1. Field of the Invention
The present invention relates to a surface-emitting-type semiconductor laser device having a buried structure.
2. Description of Related Art
Generally, the surface-emitting-type semiconductor laser device having a buried structure has a configuration wherein a buried part having a double heterostructure consisting of a cladding layer, an active layer, a cladding layer and a cap layer and a burying part which is located around this buried part and has a current blocking function are formed on a semiconductor substrate. Then, it provides a dielectric multilayer film, for example, a TiO.sub.2 /SiO.sub.2 film as a reflecting mirror on the surface of the buried part.

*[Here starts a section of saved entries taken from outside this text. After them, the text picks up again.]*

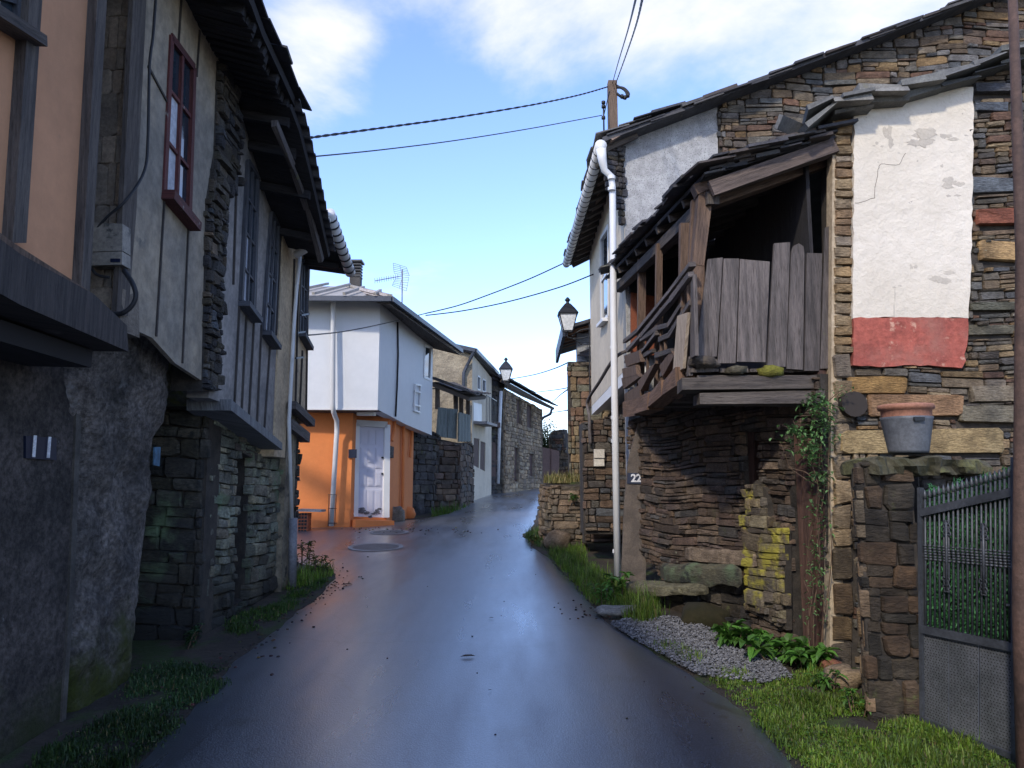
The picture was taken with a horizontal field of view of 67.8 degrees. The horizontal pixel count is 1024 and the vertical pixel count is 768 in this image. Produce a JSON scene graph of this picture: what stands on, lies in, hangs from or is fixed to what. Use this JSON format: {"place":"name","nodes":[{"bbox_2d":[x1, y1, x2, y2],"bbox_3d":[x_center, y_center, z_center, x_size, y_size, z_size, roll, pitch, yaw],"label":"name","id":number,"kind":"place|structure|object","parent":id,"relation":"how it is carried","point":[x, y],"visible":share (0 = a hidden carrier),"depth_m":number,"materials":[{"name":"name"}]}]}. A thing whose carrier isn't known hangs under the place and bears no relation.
{"place":"outdoors","nodes":[
{"label":"outdoors","id":0,"kind":"place"},
{"bbox_2d":[138,488,792,767],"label":"road","id":1,"kind":"structure","parent":0,"point":[565,691],"depth_m":5.26,"materials":[{"name":"grey asphalt"}]},
{"bbox_2d":[297,509,325,530],"bbox_3d":[-3.596,2.451,13.649,0.430,0.424,0.361,0,-7,0],"label":"wall bench","id":2,"kind":"object","parent":1,"relation":"on","point":[304,521],"depth_m":13.51,"materials":[{"name":"concrete"}]},
{"bbox_2d":[348,543,403,550],"bbox_3d":[-2.061,2.466,11.541,0.840,0.050,0.840,0,-7,0],"label":"manhole cover","id":3,"kind":"object","parent":1,"relation":"on","point":[375,546],"visible":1,"depth_m":11.52,"materials":[{"name":"metal"}]},
{"bbox_2d":[369,530,408,534],"bbox_3d":[-2.149,2.589,13.326,0.680,0.041,0.680,0,-7,0],"label":"manhole cover","id":4,"kind":"object","parent":1,"relation":"on","point":[387,532],"visible":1,"depth_m":13.28,"materials":[{"name":"metal"}]},
{"bbox_2d":[342,583,492,689],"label":"fallen leaves","id":5,"kind":"object","parent":1,"relation":"on","point":[460,656],"visible":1,"depth_m":5.80,"materials":[{"name":"brown plant"}]},
{"bbox_2d":[151,526,789,755],"bbox_3d":[-0.551,2.270,8.612,4.289,0.690,11.415,1,-7,-4],"label":"road debris","id":6,"kind":"object","parent":1,"relation":"on","point":[192,704],"visible":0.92,"depth_m":6.55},
{"bbox_2d":[0,509,1015,767],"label":"ground","id":7,"kind":"structure","parent":0,"point":[210,647],"depth_m":5.86,"materials":[{"name":"soil"}]},
{"bbox_2d":[0,0,128,758],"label":"orange house","id":8,"kind":"structure","parent":7,"relation":"on","point":[56,315],"depth_m":4.08,"materials":[{"name":"paint"}]},
{"bbox_2d":[0,0,21,16],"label":"window","id":9,"kind":"structure","parent":8,"relation":"in","point":[14,6],"depth_m":3.47,"materials":[{"name":"black glass"}]},
{"bbox_2d":[23,435,56,459],"bbox_3d":[-2.748,0.372,4.444,0.020,0.135,0.294,0,-7,2],"label":"house number sign","id":10,"kind":"object","parent":8,"relation":"attached to","point":[36,447],"visible":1,"depth_m":4.42,"materials":[{"name":"blue ceramic"}]},
{"bbox_2d":[20,703,185,767],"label":"grass","id":11,"kind":"structure","parent":7,"relation":"on","point":[142,726],"depth_m":4.32,"materials":[{"name":"green plant"}]},
{"bbox_2d":[113,657,231,718],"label":"grass","id":12,"kind":"structure","parent":7,"relation":"on","point":[192,692],"depth_m":5.26,"materials":[{"name":"green plant"}]},
{"bbox_2d":[63,0,311,712],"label":"panelled house","id":13,"kind":"structure","parent":7,"relation":"on","point":[179,506],"depth_m":5.71,"materials":[{"name":"concrete"}]},
{"bbox_2d":[91,223,130,269],"bbox_3d":[-2.472,-0.848,4.694,0.208,0.271,0.108,0,-7,0],"label":"meter box","id":14,"kind":"object","parent":13,"relation":"attached to","point":[111,248],"visible":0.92,"depth_m":4.65,"materials":[{"name":"plastic"}]},
{"bbox_2d":[91,0,156,278],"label":"wall cable","id":15,"kind":"object","parent":13,"relation":"attached to","point":[107,216],"depth_m":4.96,"materials":[{"name":"black rubber"}]},
{"bbox_2d":[112,268,137,315],"bbox_3d":[-2.372,-0.557,4.630,0.225,0.306,0.064,-2,-8,18],"label":"wall cable","id":16,"kind":"object","parent":13,"relation":"attached to","point":[131,281],"depth_m":4.60,"materials":[{"name":"black rubber"}]},
{"bbox_2d":[161,33,201,230],"bbox_3d":[-2.422,-1.847,5.626,0.120,1.303,0.558,0,-7,-2],"label":"window","id":17,"kind":"structure","parent":13,"relation":"in","point":[179,135],"depth_m":5.61,"materials":[{"name":"red paint"}]},
{"bbox_2d":[186,95,334,449],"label":"grey panel house","id":18,"kind":"structure","parent":13,"relation":"on","point":[278,197],"depth_m":7.40,"materials":[{"name":"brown wood"}]},
{"bbox_2d":[238,159,262,322],"bbox_3d":[-2.483,-1.370,7.319,0.120,1.510,0.427,0,-7,-2],"label":"window","id":19,"kind":"structure","parent":18,"relation":"in","point":[250,219],"depth_m":7.29,"materials":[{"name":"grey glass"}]},
{"bbox_2d":[261,211,281,349],"bbox_3d":[-2.510,-1.101,8.039,0.120,1.441,0.451,0,-7,-2],"label":"window","id":20,"kind":"structure","parent":18,"relation":"in","point":[269,309],"depth_m":8.02,"materials":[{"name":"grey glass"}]},
{"bbox_2d":[183,623,204,648],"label":"leafy weed","id":21,"kind":"object","parent":7,"relation":"on","point":[192,632],"visible":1,"depth_m":6.31,"materials":[{"name":"green plant"}]},
{"bbox_2d":[222,567,333,634],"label":"grass","id":22,"kind":"structure","parent":7,"relation":"on","point":[240,626],"depth_m":7.50,"materials":[{"name":"green plant"}]},
{"bbox_2d":[258,208,354,591],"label":"tan end house","id":23,"kind":"structure","parent":7,"relation":"on","point":[291,415],"depth_m":8.78,"materials":[{"name":"beige concrete"}]},
{"bbox_2d":[299,258,313,349],"bbox_3d":[-2.560,-1.002,9.483,0.120,1.109,0.462,0,-7,-2],"label":"window","id":24,"kind":"structure","parent":23,"relation":"in","point":[304,273],"depth_m":9.46,"materials":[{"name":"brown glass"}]},
{"bbox_2d":[297,540,315,566],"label":"leafy weed","id":25,"kind":"object","parent":7,"relation":"on","point":[307,553],"visible":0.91,"depth_m":9.93,"materials":[{"name":"green plant"}]},
{"bbox_2d":[282,557,335,590],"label":"grass","id":26,"kind":"structure","parent":7,"relation":"on","point":[306,574],"depth_m":9.21,"materials":[{"name":"green plant"}]},
{"bbox_2d":[309,553,334,571],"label":"leafy weed","id":27,"kind":"object","parent":7,"relation":"on","point":[321,562],"visible":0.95,"depth_m":9.66,"materials":[{"name":"green plant"}]},
{"bbox_2d":[297,259,462,527],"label":"white siding house","id":28,"kind":"structure","parent":7,"relation":"on","point":[351,394],"depth_m":14.29,"materials":[{"name":"paint"}]},
{"bbox_2d":[348,449,356,457],"bbox_3d":[-2.987,1.305,14.281,0.151,0.160,0.030,1,-7,-8],"label":"house number sign","id":29,"kind":"object","parent":28,"relation":"attached to","point":[352,453],"visible":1,"depth_m":14.27,"materials":[{"name":"blue ceramic"}]},
{"bbox_2d":[308,313,425,335],"bbox_3d":[-2.332,-1.057,12.907,0.301,1.799,6.740,-1,-7,6],"label":"overhead wire","id":30,"kind":"object","parent":28,"relation":"attached to","point":[357,328],"visible":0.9,"depth_m":12.22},
{"bbox_2d":[354,420,389,517],"bbox_3d":[-2.727,1.641,14.699,0.771,1.872,0.110,5,-9,-32],"label":"door","id":31,"kind":"structure","parent":28,"relation":"in","point":[372,462],"depth_m":14.70,"materials":[{"name":"white paint"}]},
{"bbox_2d":[375,263,409,302],"bbox_3d":[-2.718,-2.106,17.123,0.801,1.319,0.166,3,-8,-24],"label":"tv antenna","id":32,"kind":"object","parent":28,"relation":"on","point":[401,286],"visible":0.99,"depth_m":17.23,"materials":[{"name":"silver metal"}]},
{"bbox_2d":[395,322,398,416],"bbox_3d":[-2.276,-0.295,15.110,0.036,1.894,0.118,-1,-7,9],"label":"facade cable","id":33,"kind":"object","parent":28,"relation":"attached to","point":[397,368],"visible":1,"depth_m":15.14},
{"bbox_2d":[423,344,431,380],"bbox_3d":[-1.941,-0.507,17.456,0.040,0.840,0.680,-1,-7,9],"label":"window","id":34,"kind":"structure","parent":28,"relation":"in","point":[427,369],"depth_m":17.51,"materials":[{"name":"white plastic"}]},
{"bbox_2d":[392,506,404,521],"bbox_3d":[-2.345,2.682,15.311,0.400,0.452,0.348,0,-7,0],"label":"boulder","id":35,"kind":"object","parent":7,"relation":"on","point":[398,514],"visible":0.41,"depth_m":15.20,"materials":[{"name":"stone"}]},
{"bbox_2d":[406,506,415,518],"bbox_3d":[-2.243,2.812,16.515,0.321,0.315,0.239,0,-7,0],"label":"boulder","id":36,"kind":"object","parent":7,"relation":"on","point":[410,513],"visible":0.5,"depth_m":16.42,"materials":[{"name":"orange stone"}]},
{"bbox_2d":[429,497,469,516],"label":"grass","id":37,"kind":"structure","parent":7,"relation":"on","point":[441,511],"depth_m":17.75,"materials":[{"name":"green plant"}]},
{"bbox_2d":[412,377,490,514],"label":"open shed","id":38,"kind":"structure","parent":7,"relation":"on","point":[443,472],"depth_m":18.73,"materials":[{"name":"black stone"}]},
{"bbox_2d":[432,344,498,499],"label":"cream house","id":39,"kind":"structure","parent":7,"relation":"on","point":[472,368],"depth_m":23.93,"materials":[{"name":"paint"}]},
{"bbox_2d":[473,402,481,420],"bbox_3d":[-1.112,0.905,24.531,0.030,0.697,1.929,-1,-7,5],"label":"balcony door","id":40,"kind":"structure","parent":39,"relation":"in","point":[477,408],"depth_m":24.42,"materials":[{"name":"white plastic"}]},
{"bbox_2d":[477,375,480,390],"bbox_3d":[-1.091,-0.027,24.882,0.040,0.512,0.679,-1,-7,5],"label":"window","id":41,"kind":"structure","parent":39,"relation":"in","point":[478,377],"depth_m":24.93,"materials":[{"name":"white plastic"}]},
{"bbox_2d":[482,379,485,391],"bbox_3d":[-0.966,0.067,26.230,0.040,0.503,0.880,-1,-7,5],"label":"window","id":42,"kind":"structure","parent":39,"relation":"in","point":[483,380],"depth_m":26.20,"materials":[{"name":"white plastic"}]},
{"bbox_2d":[489,374,509,493],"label":"dark timber house","id":43,"kind":"structure","parent":7,"relation":"on","point":[496,451],"depth_m":28.88,"materials":[{"name":"black wood"}]},
{"bbox_2d":[491,421,499,479],"bbox_3d":[-0.654,2.503,28.538,0.200,2.167,0.608,-3,-8,25],"label":"door","id":44,"kind":"structure","parent":43,"relation":"in","point":[493,450],"depth_m":28.56,"materials":[{"name":"brown wood"}]},
{"bbox_2d":[499,357,512,398],"bbox_3d":[-0.222,-0.163,28.280,0.506,1.484,1.557,0,-7,0],"label":"street lamp","id":45,"kind":"object","parent":43,"relation":"attached to","point":[505,369],"visible":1,"depth_m":27.61,"materials":[{"name":"black metal"}]},
{"bbox_2d":[499,374,557,492],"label":"stone house","id":46,"kind":"structure","parent":7,"relation":"on","point":[522,450],"depth_m":31.97,"materials":[{"name":"grey stone"}]},
{"bbox_2d":[514,448,516,481],"bbox_3d":[0.056,3.272,31.007,0.070,1.383,0.797,-2,-8,15],"label":"door","id":47,"kind":"structure","parent":46,"relation":"in","point":[515,461],"depth_m":31.17,"materials":[{"name":"brown wood"}]},
{"bbox_2d":[543,447,558,483],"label":"sheet metal gate","id":48,"kind":"structure","parent":46,"relation":"attached to","point":[550,460],"depth_m":36.22,"materials":[{"name":"grey metal"}]},
{"bbox_2d":[525,533,538,543],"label":"leafy weed","id":49,"kind":"object","parent":7,"relation":"on","point":[532,539],"visible":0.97,"depth_m":12.30,"materials":[{"name":"green plant"}]},
{"bbox_2d":[524,519,544,547],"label":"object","id":50,"kind":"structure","parent":7,"relation":"on","point":[530,531],"depth_m":12.61,"materials":[{"name":"green plant"}]},
{"bbox_2d":[542,401,556,447],"bbox_3d":[1.618,3.302,38.929,2.202,5.094,2.000,0,-7,0],"label":"dark bush","id":51,"kind":"object","parent":7,"relation":"on","point":[545,444],"visible":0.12,"depth_m":38.82,"materials":[{"name":"green plant"}]},
{"bbox_2d":[548,429,567,476],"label":"ruined wall","id":52,"kind":"structure","parent":7,"relation":"on","point":[557,440],"depth_m":37.47,"materials":[{"name":"stone"}]},
{"bbox_2d":[543,530,572,549],"bbox_3d":[0.712,2.416,11.789,0.454,0.306,0.319,0,-7,0],"label":"boulder","id":53,"kind":"object","parent":7,"relation":"on","point":[561,538],"visible":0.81,"depth_m":11.67,"materials":[{"name":"stone"}]},
{"bbox_2d":[537,482,594,549],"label":"dry stone wall","id":54,"kind":"structure","parent":7,"relation":"on","point":[558,511],"depth_m":11.94,"materials":[{"name":"stone"}]},
{"bbox_2d":[543,468,579,482],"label":"grass","id":55,"kind":"structure","parent":54,"relation":"on","point":[559,478],"depth_m":12.44,"materials":[{"name":"green plant"}]},
{"bbox_2d":[568,493,578,501],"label":"leafy weed","id":56,"kind":"object","parent":54,"relation":"on","point":[573,498],"visible":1,"depth_m":11.69,"materials":[{"name":"green plant"}]},
{"bbox_2d":[556,319,610,476],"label":"block outbuilding","id":57,"kind":"structure","parent":7,"relation":"on","point":[577,383],"depth_m":15.31,"materials":[{"name":"stone"}]},
{"bbox_2d":[508,362,567,379],"bbox_3d":[0.709,-0.304,21.640,0.431,1.293,12.075,1,-7,-6],"label":"overhead wire","id":58,"kind":"object","parent":57,"relation":"attached to","point":[541,372],"visible":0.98,"depth_m":21.86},
{"bbox_2d":[531,387,566,392],"bbox_3d":[1.139,0.208,23.370,0.303,1.746,15.609,0,-7,-2],"label":"overhead wire","id":59,"kind":"object","parent":57,"relation":"attached to","point":[551,390],"visible":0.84,"depth_m":23.85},
{"bbox_2d":[547,539,631,605],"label":"grass","id":60,"kind":"structure","parent":7,"relation":"on","point":[571,559],"depth_m":9.29,"materials":[{"name":"green plant"}]},
{"bbox_2d":[587,583,612,605],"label":"leafy weed","id":61,"kind":"object","parent":7,"relation":"on","point":[605,593],"visible":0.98,"depth_m":7.78,"materials":[{"name":"green plant"}]},
{"bbox_2d":[582,533,622,542],"bbox_3d":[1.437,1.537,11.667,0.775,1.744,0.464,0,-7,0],"label":"stone step","id":62,"kind":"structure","parent":7,"relation":"on","point":[597,538],"depth_m":11.37,"materials":[{"name":"grey stone"}]},
{"bbox_2d":[601,80,629,130],"bbox_3d":[2.334,-1.993,16.653,0.652,9.826,0.320,0,-7,0],"label":"utility pole","id":63,"kind":"object","parent":7,"relation":"on","point":[612,103],"visible":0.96,"depth_m":17.14,"materials":[{"name":"brown wood"}]},
{"bbox_2d":[310,86,607,138],"bbox_3d":[-0.181,-4.703,12.880,0.412,5.104,9.340,-4,-8,29],"label":"overhead wire","id":64,"kind":"object","parent":63,"relation":"attached to","point":[372,129],"visible":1,"depth_m":11.44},
{"bbox_2d":[316,115,601,156],"bbox_3d":[-0.448,-4.294,13.074,0.709,4.509,9.018,-4,-8,28],"label":"overhead wire","id":65,"kind":"object","parent":63,"relation":"attached to","point":[444,141],"visible":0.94,"depth_m":12.35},
{"bbox_2d":[612,0,636,82],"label":"overhead wire","id":66,"kind":"object","parent":63,"relation":"attached to","point":[634,4],"visible":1,"depth_m":9.01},
{"bbox_2d":[615,0,642,83],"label":"overhead wire","id":67,"kind":"object","parent":63,"relation":"attached to","point":[641,3],"visible":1,"depth_m":9.80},
{"bbox_2d":[593,605,639,617],"bbox_3d":[1.058,2.210,7.409,0.539,0.107,0.296,0,-7,0],"label":"kerb stone","id":68,"kind":"object","parent":7,"relation":"on","point":[613,611],"visible":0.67,"depth_m":7.31,"materials":[{"name":"grey stone"}]},
{"bbox_2d":[601,571,634,597],"bbox_3d":[1.137,2.151,8.104,0.372,0.305,0.337,0,-7,0],"label":"leafy weed","id":69,"kind":"object","parent":7,"relation":"on","point":[611,580],"visible":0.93,"depth_m":8.13,"materials":[{"name":"green plant"}]},
{"bbox_2d":[621,422,645,582],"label":"slate slab","id":70,"kind":"structure","parent":7,"relation":"on","point":[633,561],"depth_m":8.83,"materials":[{"name":"grey stone"}]},
{"bbox_2d":[627,473,643,483],"bbox_3d":[1.448,1.102,8.888,0.217,0.130,0.019,0,-7,0],"label":"house number sign","id":71,"kind":"object","parent":70,"relation":"attached to","point":[633,478],"visible":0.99,"depth_m":8.88,"materials":[{"name":"blue metal"}]},
{"bbox_2d":[646,576,755,629],"bbox_3d":[1.887,2.069,7.556,0.436,0.635,1.678,4,-8,-26],"label":"bench base","id":72,"kind":"object","parent":7,"relation":"on","point":[727,597],"visible":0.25,"depth_m":7.08,"materials":[{"name":"black stone"}]},
{"bbox_2d":[626,580,708,596],"bbox_3d":[1.546,2.072,7.747,0.303,0.219,1.392,5,-9,-33],"label":"stone bench","id":73,"kind":"object","parent":72,"relation":"on","point":[666,588],"visible":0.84,"depth_m":7.54,"materials":[{"name":"grey stone"}]},
{"bbox_2d":[660,562,741,587],"bbox_3d":[1.791,1.832,7.383,0.150,0.275,1.456,3,-8,-22],"label":"stone bench","id":74,"kind":"object","parent":73,"relation":"on","point":[709,575],"visible":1,"depth_m":7.20,"materials":[{"name":"grey stone"}]},
{"bbox_2d":[684,547,756,567],"bbox_3d":[1.954,1.640,7.244,0.096,0.174,1.363,2,-8,-17],"label":"stone bench","id":75,"kind":"object","parent":74,"relation":"on","point":[726,556],"visible":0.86,"depth_m":7.17,"materials":[{"name":"stone"}]},
{"bbox_2d":[610,615,792,682],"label":"gravel","id":76,"kind":"structure","parent":7,"relation":"on","point":[670,628],"depth_m":6.09,"materials":[{"name":"grey gravel"}]},
{"bbox_2d":[619,577,670,624],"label":"grass","id":77,"kind":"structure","parent":76,"relation":"on","point":[646,609],"depth_m":7.21,"materials":[{"name":"green plant"}]},
{"bbox_2d":[646,625,710,664],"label":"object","id":78,"kind":"structure","parent":76,"relation":"on","point":[685,648],"depth_m":6.04,"materials":[{"name":"grey gravel"}]},
{"bbox_2d":[681,602,729,627],"bbox_3d":[1.813,2.184,7.102,0.506,0.291,0.402,-1,-7,10],"label":"boulder","id":79,"kind":"object","parent":7,"relation":"on","point":[707,614],"visible":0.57,"depth_m":6.97,"materials":[{"name":"brown stone"}]},
{"bbox_2d":[709,619,769,648],"bbox_3d":[1.878,2.091,6.314,0.506,0.250,0.399,0,-7,0],"label":"leafy weed","id":80,"kind":"object","parent":7,"relation":"on","point":[726,635],"visible":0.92,"depth_m":6.25,"materials":[{"name":"green plant"}]},
{"bbox_2d":[739,632,812,664],"bbox_3d":[2.053,2.053,5.880,0.583,0.244,0.420,-2,-8,15],"label":"leafy weed","id":81,"kind":"object","parent":7,"relation":"on","point":[768,648],"visible":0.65,"depth_m":5.83,"materials":[{"name":"green plant"}]},
{"bbox_2d":[563,0,1023,576],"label":"slate gable house","id":82,"kind":"structure","parent":7,"relation":"on","point":[637,166],"depth_m":9.94,"materials":[{"name":"stone"}]},
{"bbox_2d":[426,263,562,313],"bbox_3d":[-0.428,-1.945,15.669,3.182,0.708,0.069,-4,-8,26],"label":"overhead wire","id":83,"kind":"object","parent":82,"relation":"attached to","point":[496,291],"visible":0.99,"depth_m":15.57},
{"bbox_2d":[425,274,593,315],"bbox_3d":[-0.143,-1.705,15.148,4.166,0.273,0.172,-5,-9,36],"label":"overhead wire","id":84,"kind":"object","parent":82,"relation":"attached to","point":[514,299],"visible":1,"depth_m":15.00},
{"bbox_2d":[557,297,590,344],"bbox_3d":[1.224,-1.224,14.880,0.666,0.959,0.396,0,-7,0],"label":"street lamp","id":85,"kind":"object","parent":82,"relation":"attached to","point":[568,312],"visible":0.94,"depth_m":14.76,"materials":[{"name":"black metal"}]},
{"bbox_2d":[589,323,590,413],"bbox_3d":[1.465,-0.162,14.339,0.032,2.000,0.024,0,-7,0],"label":"facade cable","id":86,"kind":"object","parent":82,"relation":"attached to","point":[589,368],"visible":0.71,"depth_m":14.35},
{"bbox_2d":[594,449,603,465],"bbox_3d":[1.196,1.014,10.476,0.144,0.231,0.080,0,-7,0],"label":"electricity meter box","id":87,"kind":"object","parent":82,"relation":"attached to","point":[598,457],"visible":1,"depth_m":10.45,"materials":[{"name":"beige plastic"}]},
{"bbox_2d":[596,224,608,327],"bbox_3d":[1.439,-1.709,12.061,0.120,1.607,1.285,0,-7,1],"label":"window","id":88,"kind":"structure","parent":82,"relation":"in","point":[604,238],"depth_m":12.22,"materials":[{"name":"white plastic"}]},
{"bbox_2d":[770,639,842,671],"bbox_3d":[2.215,2.041,5.711,0.466,0.221,0.414,0,-7,0],"label":"leafy weed","id":89,"kind":"object","parent":7,"relation":"on","point":[820,651],"visible":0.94,"depth_m":5.64,"materials":[{"name":"green plant"}]},
{"bbox_2d":[769,384,853,649],"bbox_3d":[2.322,1.039,5.797,0.653,2.104,0.283,-2,-8,16],"label":"climbing rose","id":90,"kind":"object","parent":7,"relation":"on","point":[792,431],"visible":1,"depth_m":5.83,"materials":[{"name":"green plant"}]},
{"bbox_2d":[626,42,1023,667],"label":"stone annex","id":91,"kind":"object","parent":7,"relation":"on","point":[911,195],"visible":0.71,"depth_m":6.18,"materials":[{"name":"brown stone"}]},
{"bbox_2d":[598,118,858,418],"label":"wooden balcony","id":92,"kind":"structure","parent":91,"relation":"attached to","point":[722,273],"depth_m":6.26,"materials":[{"name":"brown wood"}]},
{"bbox_2d":[747,432,761,483],"bbox_3d":[2.332,0.867,6.905,0.230,0.879,0.302,2,-8,-17],"label":"niche door","id":93,"kind":"structure","parent":91,"relation":"in","point":[753,460],"depth_m":6.96,"materials":[{"name":"brown wood"}]},
{"bbox_2d":[794,370,826,646],"bbox_3d":[2.450,1.122,6.139,0.080,2.450,0.345,2,-8,-17],"label":"plank door","id":94,"kind":"structure","parent":91,"relation":"in","point":[802,486],"depth_m":6.15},
{"bbox_2d":[803,668,847,692],"bbox_3d":[2.149,2.035,5.234,0.243,0.153,0.237,0,-7,0],"label":"fern","id":95,"kind":"object","parent":7,"relation":"on","point":[823,683],"visible":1,"depth_m":5.19,"materials":[{"name":"green plant"}]},
{"bbox_2d":[817,658,841,668],"bbox_3d":[2.337,2.079,5.637,0.177,0.105,0.146,2,-8,-14],"label":"loose stone","id":96,"kind":"object","parent":7,"relation":"on","point":[823,661],"visible":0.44,"depth_m":5.59,"materials":[{"name":"brown stone"}]},
{"bbox_2d":[823,663,861,688],"bbox_3d":[2.330,2.049,5.316,0.286,0.162,0.218,2,-8,-15],"label":"loose stone","id":97,"kind":"object","parent":7,"relation":"on","point":[854,677],"visible":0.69,"depth_m":5.24,"materials":[{"name":"beige stone"}]},
{"bbox_2d":[838,687,870,716],"bbox_3d":[2.181,1.991,4.788,0.240,0.163,0.219,-5,-9,32],"label":"leafy weed","id":98,"kind":"object","parent":7,"relation":"on","point":[847,700],"visible":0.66,"depth_m":4.78,"materials":[{"name":"green plant"}]},
{"bbox_2d":[840,455,992,722],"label":"gate pillar","id":99,"kind":"structure","parent":7,"relation":"on","point":[884,502],"depth_m":4.78,"materials":[{"name":"black stone"}]},
{"bbox_2d":[877,402,934,453],"bbox_3d":[2.584,0.296,4.983,0.344,0.318,0.344,0,-7,0],"label":"flower pot","id":100,"kind":"object","parent":99,"relation":"on","point":[906,428],"visible":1,"depth_m":4.87,"materials":[{"name":"metal"}]},
{"bbox_2d":[917,457,1015,762],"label":"metal gate","id":101,"kind":"structure","parent":7,"relation":"on","point":[969,569],"depth_m":4.34,"materials":[{"name":"grey metal"}]},
{"bbox_2d":[1008,0,1023,767],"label":"roadside pole","id":102,"kind":"object","parent":7,"relation":"on","point":[1017,130],"visible":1,"depth_m":3.86,"materials":[{"name":"metal"}]},
{"bbox_2d":[263,0,953,441],"label":"sky","id":103,"kind":"structure","parent":0,"point":[467,220],"materials":[{"name":"blue"}]},
{"bbox_2d":[696,660,1015,767],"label":"grass","id":104,"kind":"structure","parent":0,"point":[793,713],"depth_m":4.39,"materials":[{"name":"green plant"}]}
]}

Then, in such a laser device, since the reflecting mirror is formed by a dielectric multilayer film, the heat conductivity is poor, and the heat discharge from the buried part to a heat sink installed in contact with the dielectric multilayer film is insufficient. Also, the size of the reflecting mirror itself is limited due to the arrangement of current injection to the buried part, and a reduction in the reflecting area is inevitable. Furthermore, there has been the problem that since the reflecting mirror is not electrically conductive, an electrode has to be formed at a position separate from the reflecting mirror, and the manufacturing process is complicated, and the efficiency of current injection is poor.
Then, a surface-emitting-type semiconductor laser device has been developed which uses a semiconductor multilayer film electrically conductive as a reflecting mirror. Such a laser device has advantages as described below. Since the semiconductor multilayer film excels in heat conductivity, the efficiency of heat discharge from the buried part to the heat sink is high. Also, since the semiconductor multilayer film is electrically conductive, it can have an additional function as a carrier injecting part into the buried part, and the efficiency of current injection is improved. Furthermore, since the semiconductor multilayer film is electrically conductive, the size of the reflecting mirror can be set arbitrarily, and a sufficient reflecting area can be obtained.
However, the design of the semiconductor multilayer film constituting the reflecting mirror has not been investigated sufficiently, and the surface-emitting-type semiconductor laser device wherein the reflecting mirror is constituted with the semiconductor multilayer film cannot make a stable laser oscillation yet.